__Aim of the exercise__: Please repeat every entry exactly as given, apart from dropping the images.

*** Supplied information ***

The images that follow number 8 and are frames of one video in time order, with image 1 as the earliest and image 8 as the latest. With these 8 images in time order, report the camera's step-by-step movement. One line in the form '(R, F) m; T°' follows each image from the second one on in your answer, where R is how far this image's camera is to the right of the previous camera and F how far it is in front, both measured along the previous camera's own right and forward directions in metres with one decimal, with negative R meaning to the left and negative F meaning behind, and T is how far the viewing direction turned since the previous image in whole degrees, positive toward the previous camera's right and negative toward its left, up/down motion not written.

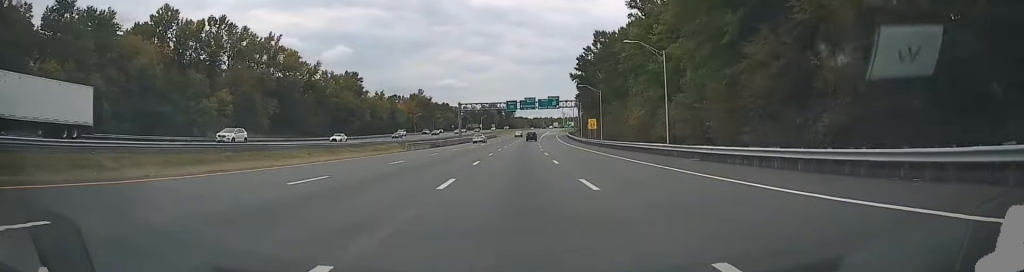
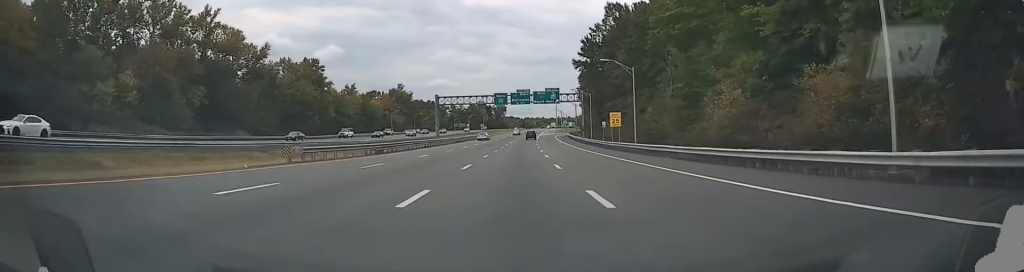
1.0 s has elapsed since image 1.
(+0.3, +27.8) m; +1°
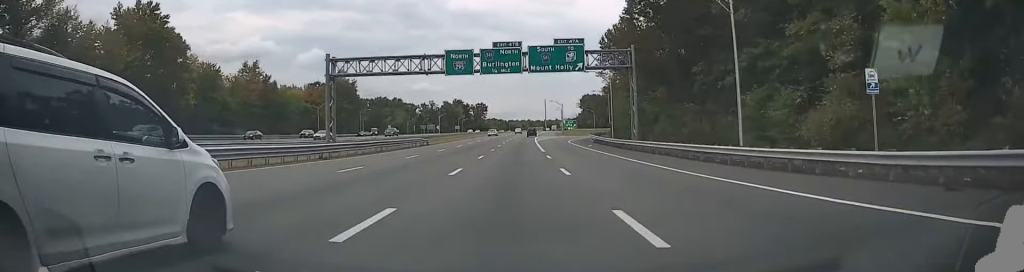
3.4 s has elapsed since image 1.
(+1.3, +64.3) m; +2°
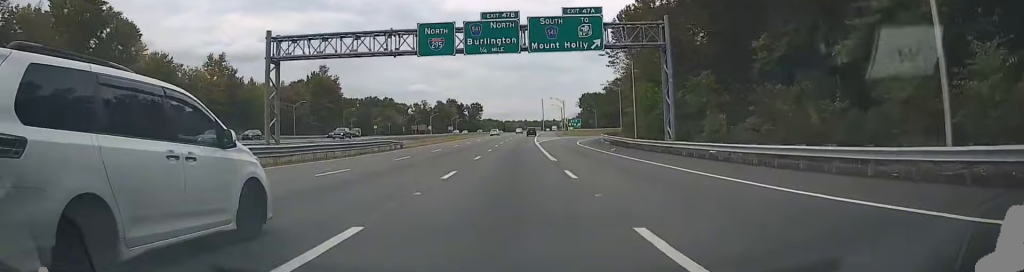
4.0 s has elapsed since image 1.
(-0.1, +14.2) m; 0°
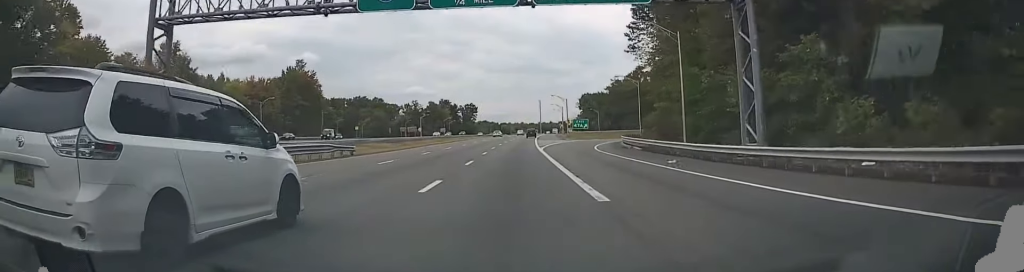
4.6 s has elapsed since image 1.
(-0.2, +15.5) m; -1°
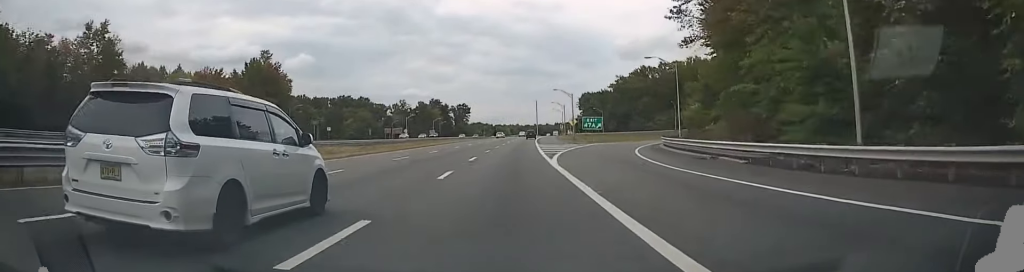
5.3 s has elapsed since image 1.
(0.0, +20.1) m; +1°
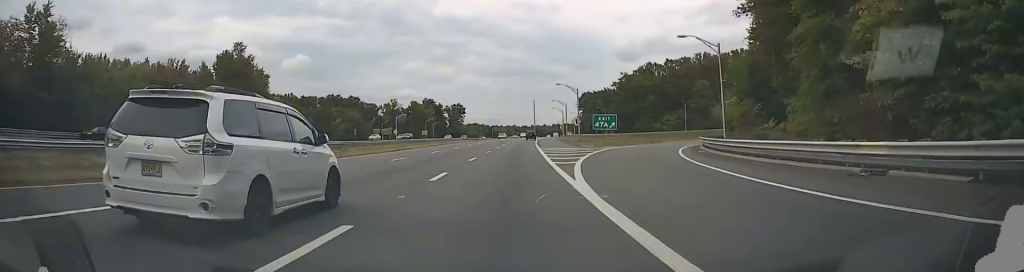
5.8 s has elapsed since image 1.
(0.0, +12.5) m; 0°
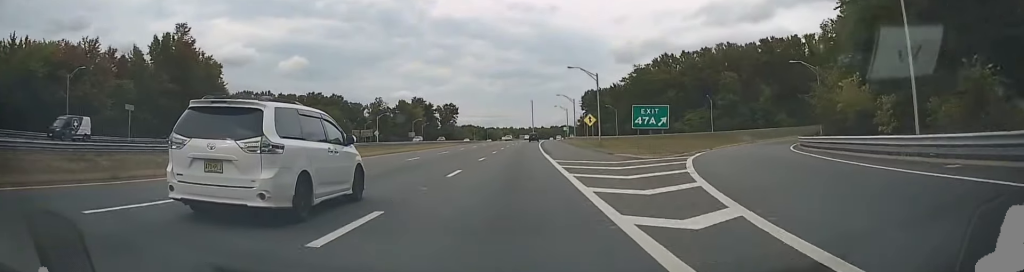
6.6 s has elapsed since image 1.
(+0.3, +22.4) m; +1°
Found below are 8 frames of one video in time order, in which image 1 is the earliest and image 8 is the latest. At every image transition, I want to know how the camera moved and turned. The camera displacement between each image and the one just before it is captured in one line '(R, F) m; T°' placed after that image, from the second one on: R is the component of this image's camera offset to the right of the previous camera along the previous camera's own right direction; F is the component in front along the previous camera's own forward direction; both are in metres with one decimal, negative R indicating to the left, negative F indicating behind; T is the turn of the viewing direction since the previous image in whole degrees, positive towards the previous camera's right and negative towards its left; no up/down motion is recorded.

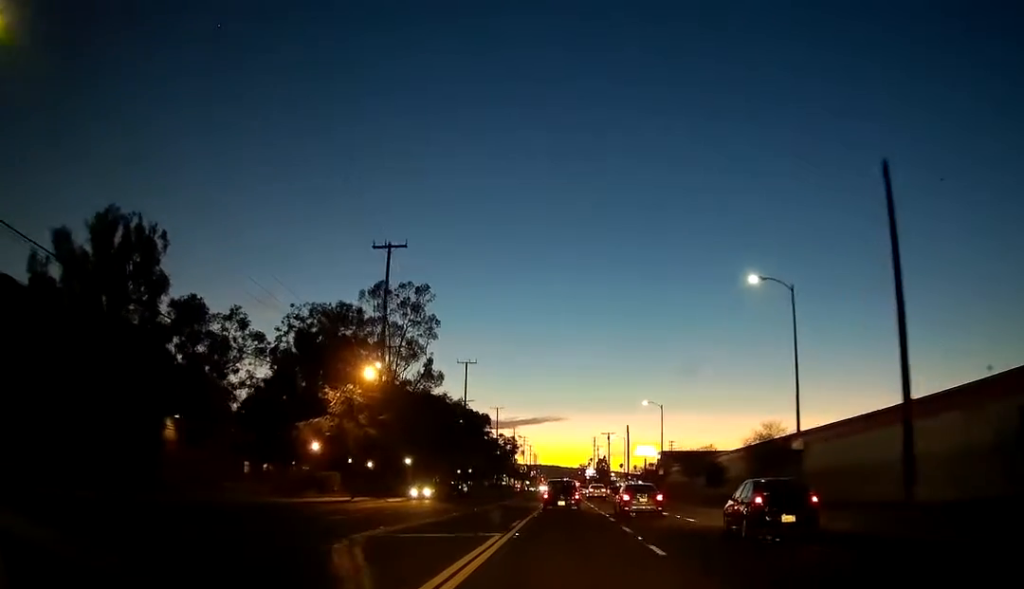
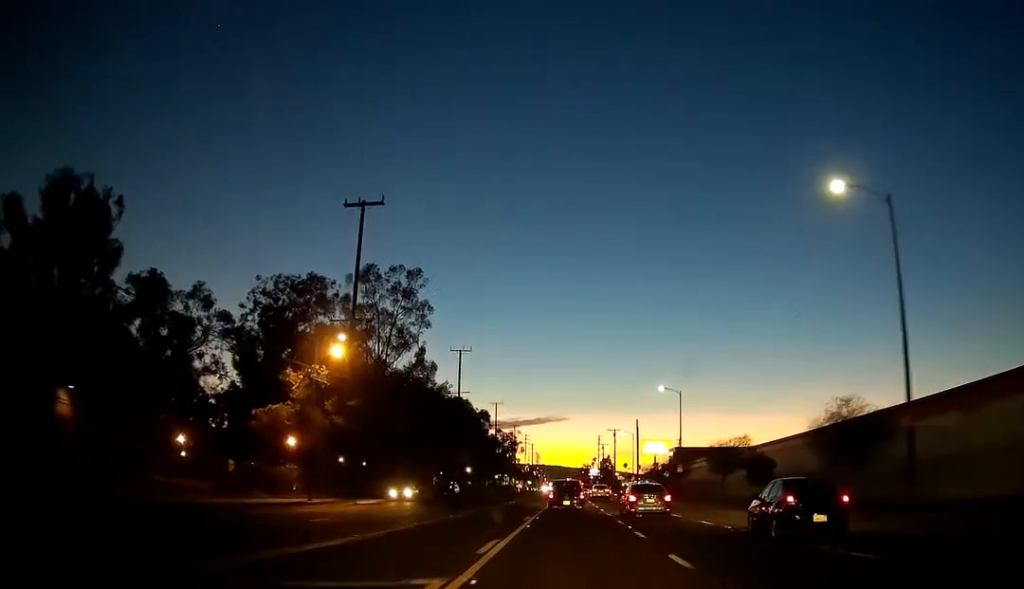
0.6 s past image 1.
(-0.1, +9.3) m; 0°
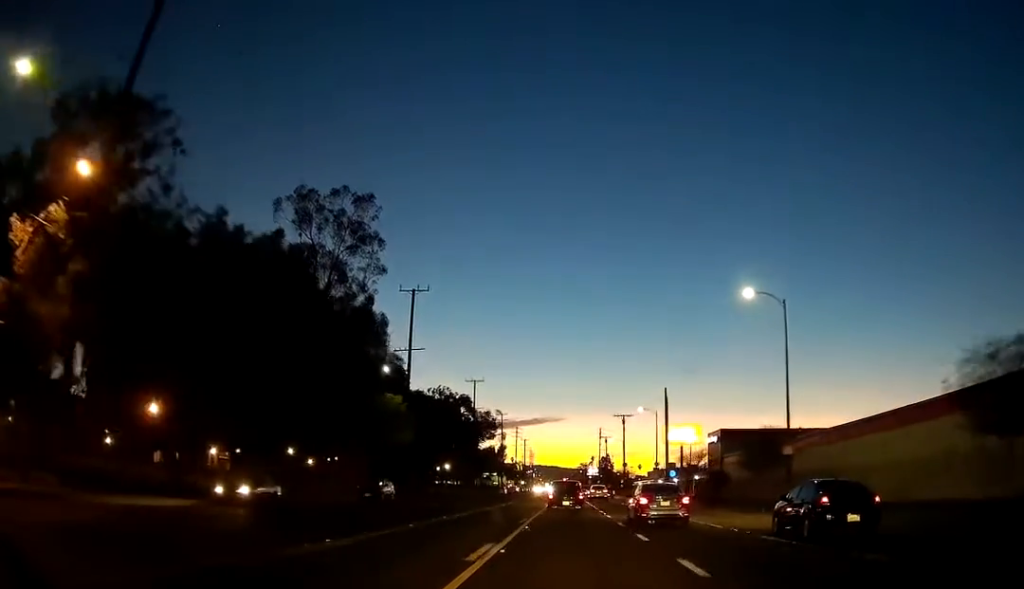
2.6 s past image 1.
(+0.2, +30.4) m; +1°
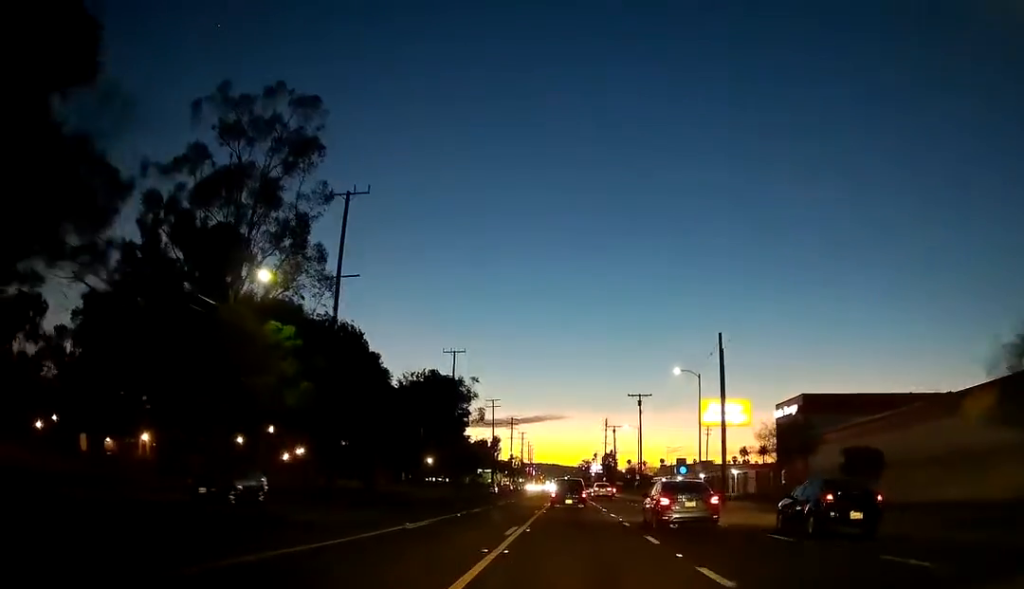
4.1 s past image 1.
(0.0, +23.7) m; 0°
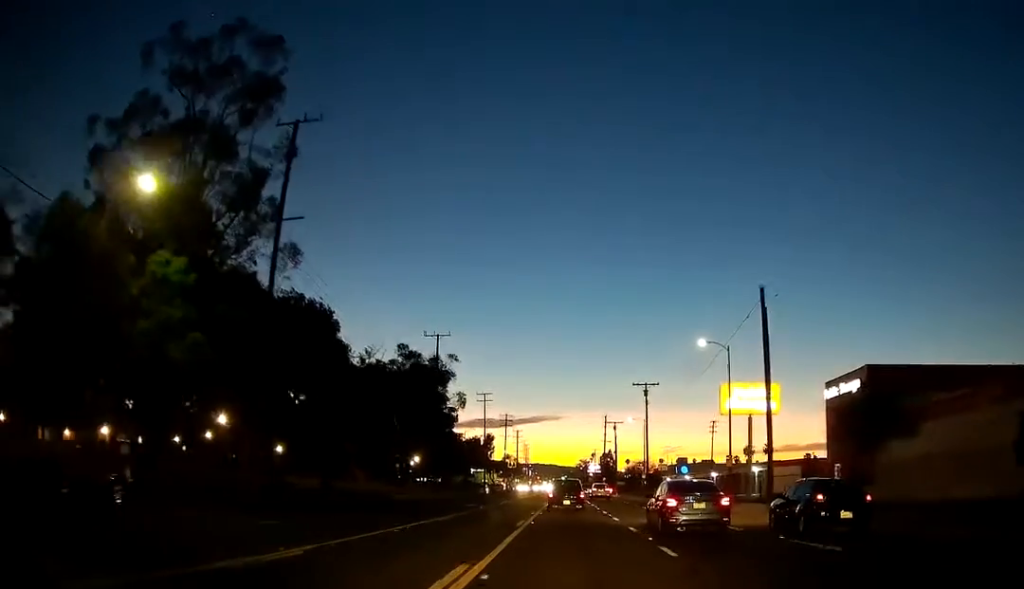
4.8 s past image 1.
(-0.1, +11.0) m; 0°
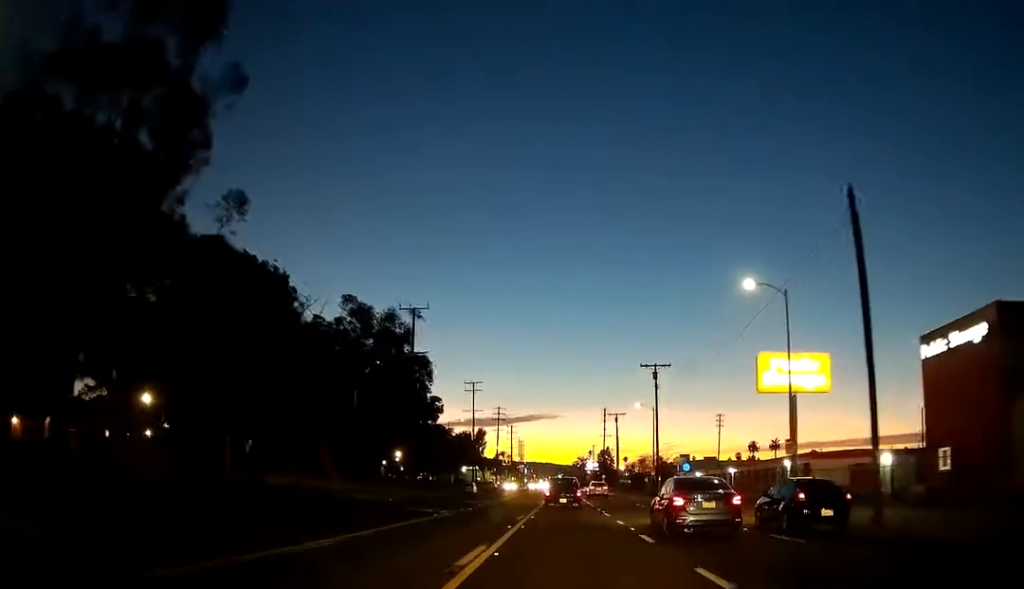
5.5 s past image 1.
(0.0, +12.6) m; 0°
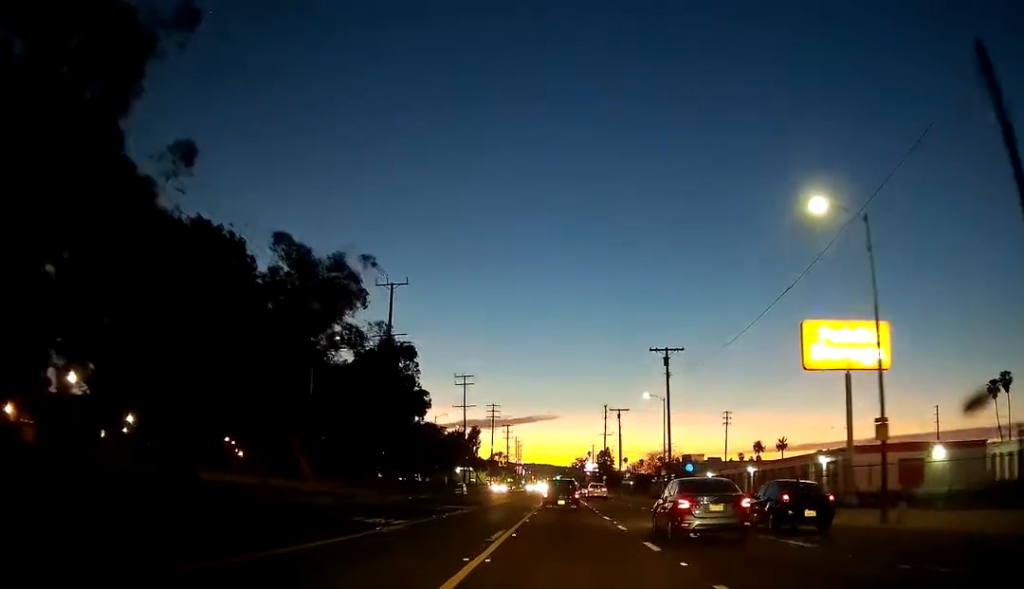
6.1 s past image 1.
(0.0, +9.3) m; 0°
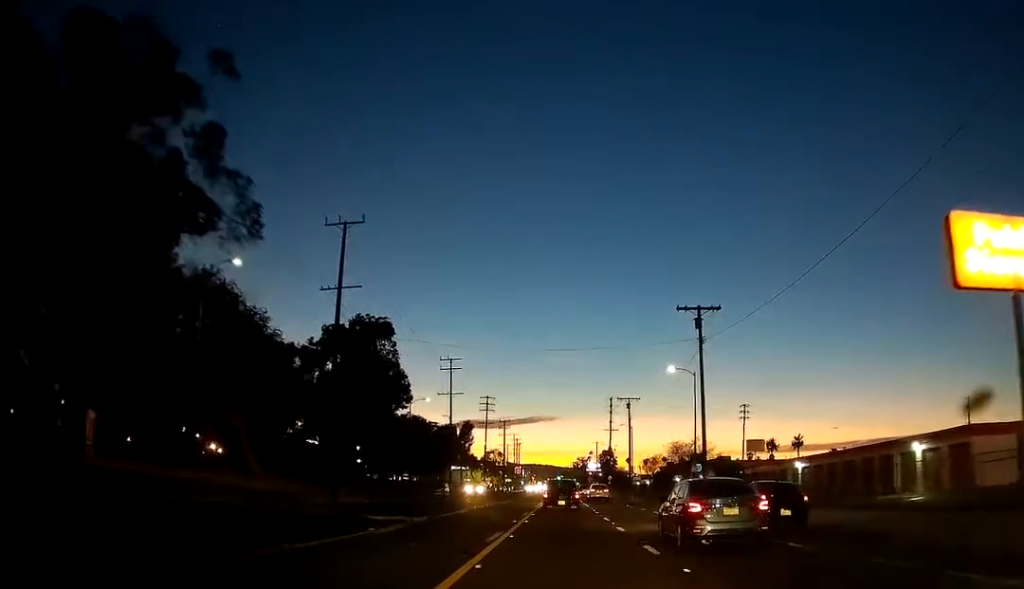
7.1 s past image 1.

*** End of Supplied information ***

__Task response__:
The images that follow number 8 and are frames of one video in time order, with image 1 as the earliest and image 8 as the latest. With these 8 images in time order, report the camera's step-by-step movement. One line in the form '(R, F) m; T°' follows each image from the second one on in your answer, where R is how far this image's camera is to the right of the previous camera and F how far it is in front, both measured along the previous camera's own right and forward directions in metres with one decimal, with negative R meaning to the left and negative F meaning behind, and T is how far the viewing direction turned since the previous image in whole degrees, positive toward the previous camera's right and negative toward its left, up/down motion not written.

1.0 s has elapsed since image 1.
(+0.3, +27.8) m; +1°
3.4 s has elapsed since image 1.
(+1.3, +64.3) m; +2°
4.0 s has elapsed since image 1.
(-0.1, +14.2) m; 0°
4.6 s has elapsed since image 1.
(-0.2, +15.5) m; -1°
5.3 s has elapsed since image 1.
(0.0, +20.1) m; +1°
5.8 s has elapsed since image 1.
(0.0, +12.5) m; 0°
6.6 s has elapsed since image 1.
(+0.3, +22.4) m; +1°
Found below are 8 frames of one video in time order, in which image 1 is the earliest and image 8 is the latest. At every image transition, I want to know how the camera moved and turned. The camera displacement between each image and the one just before it is captured in one line '(R, F) m; T°' placed after that image, from the second one on: R is the component of this image's camera offset to the right of the previous camera along the previous camera's own right direction; F is the component in front along the previous camera's own forward direction; both are in metres with one decimal, negative R indicating to the left, negative F indicating behind; T is the turn of the viewing direction since the previous image in whole degrees, positive towards the previous camera's right and negative towards its left; no up/down motion is recorded.

0.6 s past image 1.
(-0.1, +9.3) m; 0°
2.6 s past image 1.
(+0.2, +30.4) m; +1°
4.1 s past image 1.
(0.0, +23.7) m; 0°
4.8 s past image 1.
(-0.1, +11.0) m; 0°
5.5 s past image 1.
(0.0, +12.6) m; 0°
6.1 s past image 1.
(0.0, +9.3) m; 0°
7.1 s past image 1.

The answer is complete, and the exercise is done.